_Directions for this task_
Where a record contains a picture, omit the picture and repeat the rest exactly.
The data Block Start
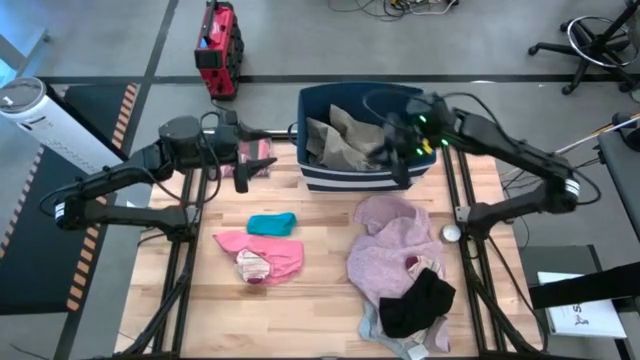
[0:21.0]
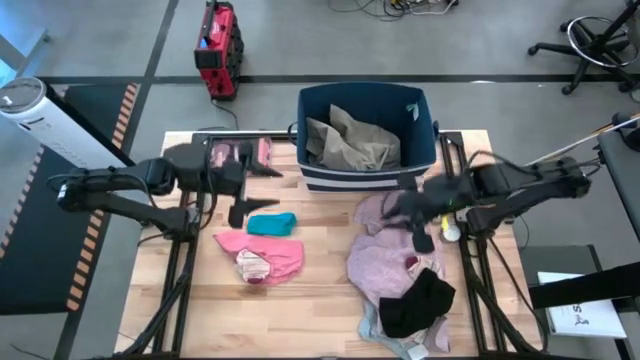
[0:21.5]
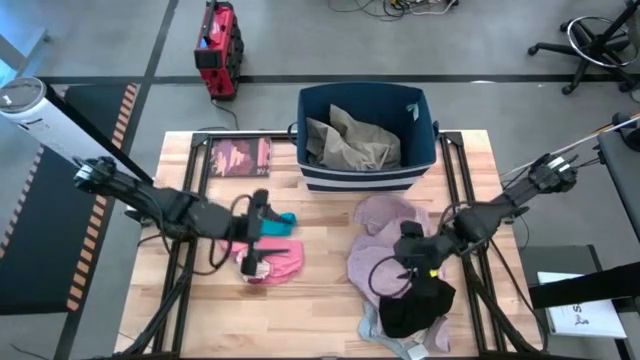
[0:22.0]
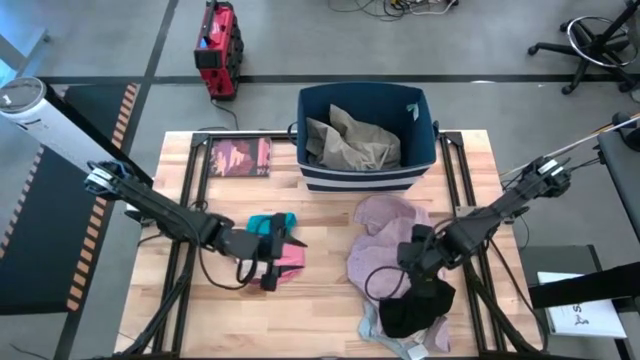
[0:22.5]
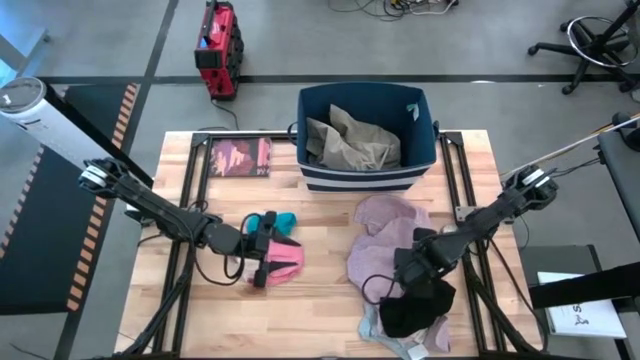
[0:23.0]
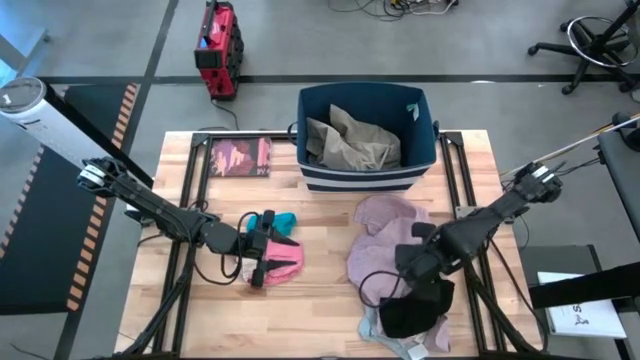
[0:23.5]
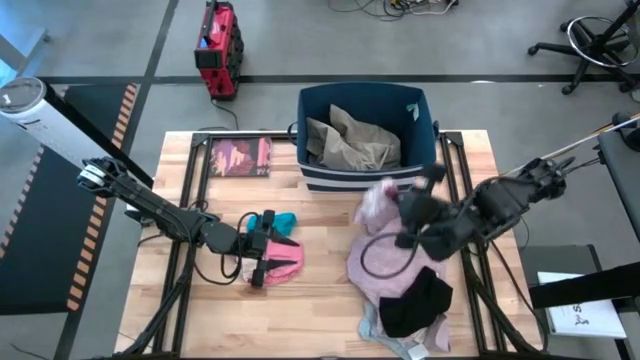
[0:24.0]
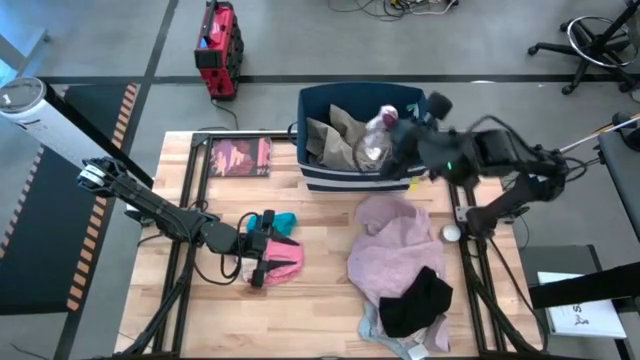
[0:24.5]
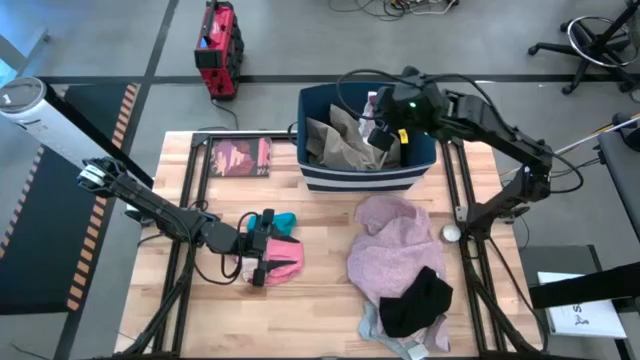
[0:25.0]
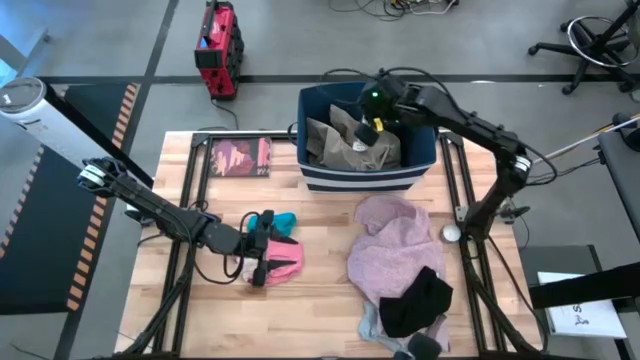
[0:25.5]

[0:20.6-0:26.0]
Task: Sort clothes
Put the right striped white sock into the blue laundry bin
The data Block End
_Written solution_
[0:21.0]
[0:21.5]
[0:22.0]
[0:22.5]
[0:23.0]
[0:23.5]
[0:24.0]
[0:24.5]
[0:25.0]
[0:25.5]

[0:20.6-0:26.0]
Task: Sort clothes
Put the right striped white sock into the blue laundry bin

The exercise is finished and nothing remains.